One Journey Quotations

 

Our thinking machine possesses the capacity to be convinced of anything you like, provided it is repeatedly and persistently influenced in the required direction. A thing that may appear absurd to start with will in the end become rationalized, provided it is repeated sufficiently often and with sufficient conviction.

G. I. Gurdjieff (1866 – 1949)

Whatever is not yours, abandon it. When you have abandoned it, that will lead to your welfare and happiness for a long time.

What is it that is not yours? Material form is not yours. Abandon it. When you have abandoned it, that will lead to your welfare and happiness for a long time.

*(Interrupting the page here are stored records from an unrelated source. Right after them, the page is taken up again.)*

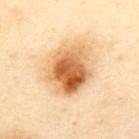| field | value |
|---|---|
| follow-up | no biopsy performed (imaged during a skin exam) |
| acquisition | ~15 mm tile from a whole-body skin photo |
| body site | the upper back |
| lighting | cross-polarized |
| patient | female, in their 40s |
| diameter | about 6.5 mm |
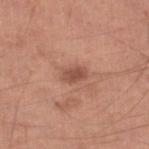From the right lower leg.
A 15 mm close-up extracted from a 3D total-body photography capture.
The patient is a male roughly 65 years of age.
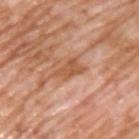Impression:
No biopsy was performed on this lesion — it was imaged during a full skin examination and was not determined to be concerning.
Acquisition and patient details:
The lesion is located on the upper back. This image is a 15 mm lesion crop taken from a total-body photograph. Captured under white-light illumination. A male subject, aged 58–62. Approximately 4.5 mm at its widest.
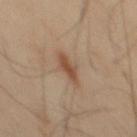Clinical impression:
Part of a total-body skin-imaging series; this lesion was reviewed on a skin check and was not flagged for biopsy.
Context:
The patient is a male aged 43–47. The lesion's longest dimension is about 3.5 mm. The lesion-visualizer software estimated an average lesion color of about L≈48 a*≈18 b*≈30 (CIELAB), about 9 CIELAB-L* units darker than the surrounding skin, and a normalized border contrast of about 7.5. The analysis additionally found a border-irregularity index near 3/10 and peripheral color asymmetry of about 0.5. A region of skin cropped from a whole-body photographic capture, roughly 15 mm wide. Located on the back.
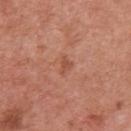The lesion was tiled from a total-body skin photograph and was not biopsied.
The lesion is located on the arm.
The subject is a female about 50 years old.
The total-body-photography lesion software estimated a lesion color around L≈52 a*≈26 b*≈32 in CIELAB, a lesion–skin lightness drop of about 7, and a normalized lesion–skin contrast near 5.5. The software also gave a border-irregularity rating of about 4.5/10, a color-variation rating of about 1/10, and a peripheral color-asymmetry measure near 0. It also reported a classifier nevus-likeness of about 0/100 and lesion-presence confidence of about 100/100.
A 15 mm close-up extracted from a 3D total-body photography capture.
The recorded lesion diameter is about 2.5 mm.
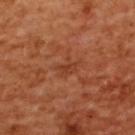  biopsy_status: not biopsied; imaged during a skin examination
  lesion_size:
    long_diameter_mm_approx: 3.0
  image:
    source: total-body photography crop
    field_of_view_mm: 15
  patient:
    sex: female
    age_approx: 55
  site: upper back
  lighting: cross-polarized
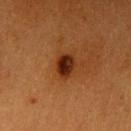Assessment:
Part of a total-body skin-imaging series; this lesion was reviewed on a skin check and was not flagged for biopsy.
Background:
A lesion tile, about 15 mm wide, cut from a 3D total-body photograph. The lesion-visualizer software estimated an eccentricity of roughly 0.6 and a shape-asymmetry score of about 0.2 (0 = symmetric). The software also gave an average lesion color of about L≈24 a*≈23 b*≈29 (CIELAB), roughly 13 lightness units darker than nearby skin, and a normalized border contrast of about 13. The lesion is on the left upper arm. A female subject roughly 55 years of age.
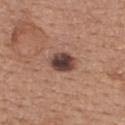{
  "biopsy_status": "not biopsied; imaged during a skin examination",
  "lighting": "white-light",
  "lesion_size": {
    "long_diameter_mm_approx": 3.0
  },
  "site": "back",
  "patient": {
    "sex": "female",
    "age_approx": 35
  },
  "automated_metrics": {
    "cielab_L": 41,
    "cielab_a": 19,
    "cielab_b": 22,
    "vs_skin_contrast_norm": 13.0,
    "nevus_likeness_0_100": 15,
    "lesion_detection_confidence_0_100": 100
  },
  "image": {
    "source": "total-body photography crop",
    "field_of_view_mm": 15
  }
}
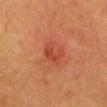image source: ~15 mm crop, total-body skin-cancer survey | size: about 3 mm | location: the head or neck | subject: female, aged 63 to 67 | tile lighting: cross-polarized illumination.
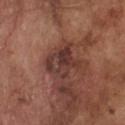Impression:
Recorded during total-body skin imaging; not selected for excision or biopsy.
Context:
This is a white-light tile. A 15 mm close-up extracted from a 3D total-body photography capture. Located on the chest. A male patient, aged approximately 75. Longest diameter approximately 4 mm. The total-body-photography lesion software estimated a border-irregularity index near 4.5/10, internal color variation of about 6 on a 0–10 scale, and radial color variation of about 2.
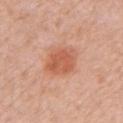This lesion was catalogued during total-body skin photography and was not selected for biopsy.
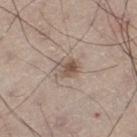{
  "biopsy_status": "not biopsied; imaged during a skin examination",
  "site": "left thigh",
  "lighting": "white-light",
  "patient": {
    "sex": "male",
    "age_approx": 60
  },
  "image": {
    "source": "total-body photography crop",
    "field_of_view_mm": 15
  },
  "automated_metrics": {
    "area_mm2_approx": 4.0,
    "eccentricity": 0.7,
    "shape_asymmetry": 0.3,
    "cielab_L": 53,
    "cielab_a": 14,
    "cielab_b": 24,
    "vs_skin_darker_L": 11.0,
    "vs_skin_contrast_norm": 7.5,
    "lesion_detection_confidence_0_100": 100
  }
}
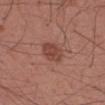notes: catalogued during a skin exam; not biopsied.
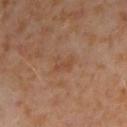workup — catalogued during a skin exam; not biopsied
lighting — cross-polarized illumination
location — the arm
patient — female, approximately 50 years of age
imaging modality — 15 mm crop, total-body photography
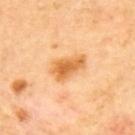Clinical impression: The lesion was photographed on a routine skin check and not biopsied; there is no pathology result. Clinical summary: On the upper back. The subject is a male about 65 years old. A 15 mm crop from a total-body photograph taken for skin-cancer surveillance.
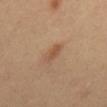Findings:
* biopsy status: no biopsy performed (imaged during a skin exam)
* patient: male, aged 38 to 42
* anatomic site: the back
* image source: ~15 mm tile from a whole-body skin photo
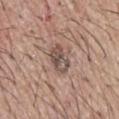follow-up: total-body-photography surveillance lesion; no biopsy | automated metrics: an average lesion color of about L≈50 a*≈16 b*≈22 (CIELAB), roughly 11 lightness units darker than nearby skin, and a normalized lesion–skin contrast near 8; a border-irregularity rating of about 2.5/10, a color-variation rating of about 6/10, and a peripheral color-asymmetry measure near 2; a lesion-detection confidence of about 100/100 | subject: male, aged 63–67 | imaging modality: ~15 mm crop, total-body skin-cancer survey | lesion diameter: ≈3.5 mm | illumination: white-light illumination | anatomic site: the back.
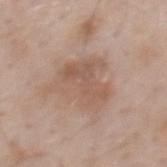Imaged during a routine full-body skin examination; the lesion was not biopsied and no histopathology is available. This image is a 15 mm lesion crop taken from a total-body photograph. A male patient aged approximately 60. Located on the mid back. The tile uses white-light illumination.
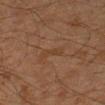• biopsy status: total-body-photography surveillance lesion; no biopsy
• anatomic site: the right forearm
• size: ~2.5 mm (longest diameter)
• image: total-body-photography crop, ~15 mm field of view
• patient: male, aged 43 to 47
• tile lighting: cross-polarized
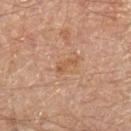follow-up = no biopsy performed (imaged during a skin exam) | size = about 3 mm | location = the left forearm | image = total-body-photography crop, ~15 mm field of view | subject = male, aged around 45.
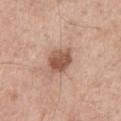lighting: white-light illumination; body site: the chest; subject: male, approximately 55 years of age; lesion size: ≈4 mm; imaging modality: total-body-photography crop, ~15 mm field of view.

Buddhism (circa 500 B.C.E.)

A few golden apples are rolled, and the world scrambles after them. You were never bound by laws, Nature never had a bond for you… We have placed ourselves in this net, and will have to get out… Never forget this is only a momentary state, and that we have to pass through it.

Vivekananda (1863 – 1902)

The friends of Job appear on the scene as advisers and “consolers,” offering Job the fruits of their moral scientia. But when Job insists that his sufferings have no explanation and that he cannot discover the reason for them through conventional ethical concepts, his friends turn into accusers, and curse Job as a sinner. Thus, instead of consolers, they become torturers by virtue of their very morality, and in so doing, while claiming to be advocates of God, they act as instruments of the devil.

Thomas Merton (1915 – 1968)

I love all men. I know that at bottom they cannot be otherwise, and under all the false and overloaded and glittering masquerade, there is, in every man, a noble nature beneath; only they cannot bring it out, and whatever they do that is false and cunning and evil, there still remains the sentence of our Great Example: “Forgive them, for they know not what they do.”

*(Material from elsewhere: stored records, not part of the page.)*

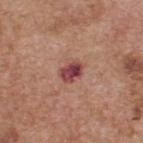{"biopsy_status": "not biopsied; imaged during a skin examination", "patient": {"sex": "male", "age_approx": 60}, "site": "upper back", "image": {"source": "total-body photography crop", "field_of_view_mm": 15}, "automated_metrics": {"area_mm2_approx": 5.0, "shape_asymmetry": 0.2, "cielab_L": 44, "cielab_a": 29, "cielab_b": 22, "vs_skin_darker_L": 14.0, "vs_skin_contrast_norm": 11.0, "nevus_likeness_0_100": 0, "lesion_detection_confidence_0_100": 100}, "lighting": "white-light"}
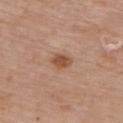Clinical impression: No biopsy was performed on this lesion — it was imaged during a full skin examination and was not determined to be concerning. Image and clinical context: The lesion is located on the back. The subject is a female roughly 65 years of age. A region of skin cropped from a whole-body photographic capture, roughly 15 mm wide. The lesion-visualizer software estimated a mean CIELAB color near L≈51 a*≈21 b*≈32, roughly 11 lightness units darker than nearby skin, and a normalized lesion–skin contrast near 8. And it measured a border-irregularity index near 1.5/10, a within-lesion color-variation index near 2/10, and peripheral color asymmetry of about 0.5.
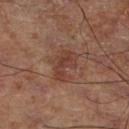Clinical impression:
Imaged during a routine full-body skin examination; the lesion was not biopsied and no histopathology is available.
Clinical summary:
Automated tile analysis of the lesion measured a footprint of about 7 mm², an outline eccentricity of about 0.85 (0 = round, 1 = elongated), and a symmetry-axis asymmetry near 0.4. It also reported about 8 CIELAB-L* units darker than the surrounding skin. And it measured border irregularity of about 4.5 on a 0–10 scale, a color-variation rating of about 2.5/10, and radial color variation of about 0.5. The analysis additionally found an automated nevus-likeness rating near 25 out of 100. Captured under cross-polarized illumination. About 4 mm across. Located on the right thigh. A 15 mm close-up tile from a total-body photography series done for melanoma screening.
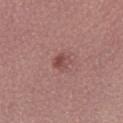{"biopsy_status": "not biopsied; imaged during a skin examination", "image": {"source": "total-body photography crop", "field_of_view_mm": 15}, "patient": {"sex": "female", "age_approx": 20}, "site": "right lower leg", "lighting": "white-light", "automated_metrics": {"area_mm2_approx": 3.5, "eccentricity": 0.35, "shape_asymmetry": 0.2, "cielab_L": 47, "cielab_a": 24, "cielab_b": 22, "vs_skin_darker_L": 9.0, "vs_skin_contrast_norm": 6.5, "border_irregularity_0_10": 2.0, "color_variation_0_10": 3.5, "peripheral_color_asymmetry": 1.0}, "lesion_size": {"long_diameter_mm_approx": 2.0}}
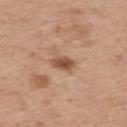Impression:
The lesion was tiled from a total-body skin photograph and was not biopsied.
Clinical summary:
A region of skin cropped from a whole-body photographic capture, roughly 15 mm wide. From the upper back. A male patient, in their mid- to late 70s.
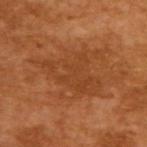Q: Was this lesion biopsied?
A: total-body-photography surveillance lesion; no biopsy
Q: How was this image acquired?
A: 15 mm crop, total-body photography
Q: What did automated image analysis measure?
A: an automated nevus-likeness rating near 0 out of 100 and a detector confidence of about 100 out of 100 that the crop contains a lesion
Q: Who is the patient?
A: male, aged approximately 65
Q: What lighting was used for the tile?
A: cross-polarized
Q: How large is the lesion?
A: ≈8 mm
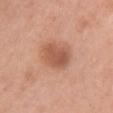Clinical impression:
No biopsy was performed on this lesion — it was imaged during a full skin examination and was not determined to be concerning.
Acquisition and patient details:
Automated tile analysis of the lesion measured a lesion color around L≈55 a*≈24 b*≈32 in CIELAB, roughly 11 lightness units darker than nearby skin, and a lesion-to-skin contrast of about 7 (normalized; higher = more distinct). The software also gave a border-irregularity index near 1.5/10, internal color variation of about 3 on a 0–10 scale, and peripheral color asymmetry of about 1. A region of skin cropped from a whole-body photographic capture, roughly 15 mm wide. The patient is a female aged 33–37. The lesion is on the front of the torso.
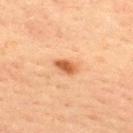Captured during whole-body skin photography for melanoma surveillance; the lesion was not biopsied. A lesion tile, about 15 mm wide, cut from a 3D total-body photograph. A male subject, aged 38 to 42. Imaged with cross-polarized lighting. The recorded lesion diameter is about 3 mm. From the upper back.
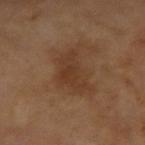patient: male, roughly 65 years of age
tile lighting: cross-polarized
anatomic site: the left arm
automated metrics: an area of roughly 11 mm², an outline eccentricity of about 0.8 (0 = round, 1 = elongated), and a shape-asymmetry score of about 0.4 (0 = symmetric); an average lesion color of about L≈34 a*≈18 b*≈29 (CIELAB), about 6 CIELAB-L* units darker than the surrounding skin, and a normalized lesion–skin contrast near 6; a border-irregularity rating of about 5/10 and radial color variation of about 1; a classifier nevus-likeness of about 5/100 and lesion-presence confidence of about 100/100
image: ~15 mm crop, total-body skin-cancer survey
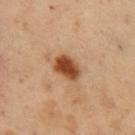Q: Is there a histopathology result?
A: catalogued during a skin exam; not biopsied
Q: What are the patient's age and sex?
A: male, aged approximately 50
Q: Where on the body is the lesion?
A: the chest
Q: What did automated image analysis measure?
A: a shape eccentricity near 0.7 and two-axis asymmetry of about 0.15; a lesion-to-skin contrast of about 11.5 (normalized; higher = more distinct); a classifier nevus-likeness of about 100/100
Q: What kind of image is this?
A: 15 mm crop, total-body photography
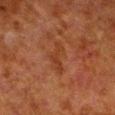Impression:
Captured during whole-body skin photography for melanoma surveillance; the lesion was not biopsied.
Background:
A male patient aged around 80. Located on the left lower leg. Cropped from a total-body skin-imaging series; the visible field is about 15 mm.

Berthold Auerbach (1812 – 1882)

Great men stand like solitary towers in the city of God, and secret passages, running deep beneath external nature, give their thoughts intercourse with higher intelligences, which strengthens and consoles them, and of which the laborers on the surface do not even dream.

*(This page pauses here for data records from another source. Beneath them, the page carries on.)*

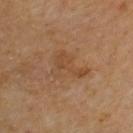Part of a total-body skin-imaging series; this lesion was reviewed on a skin check and was not flagged for biopsy. The lesion's longest dimension is about 4.5 mm. Imaged with cross-polarized lighting. A 15 mm close-up extracted from a 3D total-body photography capture. Automated tile analysis of the lesion measured a footprint of about 9 mm², a shape eccentricity near 0.75, and a symmetry-axis asymmetry near 0.6. And it measured border irregularity of about 6.5 on a 0–10 scale, a color-variation rating of about 2.5/10, and peripheral color asymmetry of about 1. The analysis additionally found a nevus-likeness score of about 0/100 and lesion-presence confidence of about 100/100. From the left upper arm. The patient is a male aged around 70.
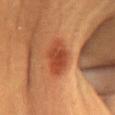Q: How was this image acquired?
A: ~15 mm tile from a whole-body skin photo
Q: Who is the patient?
A: female, approximately 30 years of age
Q: Illumination type?
A: cross-polarized
Q: Lesion location?
A: the abdomen
Q: Automated lesion metrics?
A: a lesion area of about 10 mm², an eccentricity of roughly 0.8, and a symmetry-axis asymmetry near 0.15; a lesion color around L≈44 a*≈29 b*≈36 in CIELAB and a lesion-to-skin contrast of about 8.5 (normalized; higher = more distinct); a border-irregularity index near 1.5/10; an automated nevus-likeness rating near 100 out of 100 and a detector confidence of about 100 out of 100 that the crop contains a lesion
Q: What is the lesion's diameter?
A: about 4.5 mm
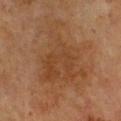Q: Was a biopsy performed?
A: catalogued during a skin exam; not biopsied
Q: Who is the patient?
A: female, aged around 60
Q: What is the anatomic site?
A: the chest
Q: How large is the lesion?
A: ≈12 mm
Q: Automated lesion metrics?
A: border irregularity of about 7.5 on a 0–10 scale, a within-lesion color-variation index near 4/10, and peripheral color asymmetry of about 1; a detector confidence of about 100 out of 100 that the crop contains a lesion
Q: How was the tile lit?
A: cross-polarized
Q: What is the imaging modality?
A: ~15 mm crop, total-body skin-cancer survey
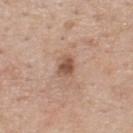Q: Was a biopsy performed?
A: imaged on a skin check; not biopsied
Q: Patient demographics?
A: male, approximately 60 years of age
Q: What is the imaging modality?
A: ~15 mm tile from a whole-body skin photo
Q: Where on the body is the lesion?
A: the upper back
Q: Lesion size?
A: ~2.5 mm (longest diameter)
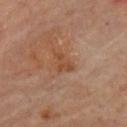Assessment: No biopsy was performed on this lesion — it was imaged during a full skin examination and was not determined to be concerning. Image and clinical context: The lesion is located on the chest. Cropped from a total-body skin-imaging series; the visible field is about 15 mm. A male patient, in their mid- to late 60s. Measured at roughly 2.5 mm in maximum diameter. The tile uses cross-polarized illumination.
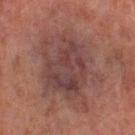Assessment: Recorded during total-body skin imaging; not selected for excision or biopsy. Background: A region of skin cropped from a whole-body photographic capture, roughly 15 mm wide. A female subject aged 58–62. Automated image analysis of the tile measured a nevus-likeness score of about 20/100. Approximately 9.5 mm at its widest. On the leg. Imaged with cross-polarized lighting.

Henry Wadsworth Longfellow (1807 – 1882)

I beg you to have patience with everything unresolved in your heart and to try to love the questions themselves as if they were locked rooms or books written in a very foreign language. Don’t search for the answers, which could not be given to you now, because you would not be able to live them. And the point is to live everything. Live the questions now. Perhaps then, someday far in the future, you will gradually, without even noticing it, live your way into the answer.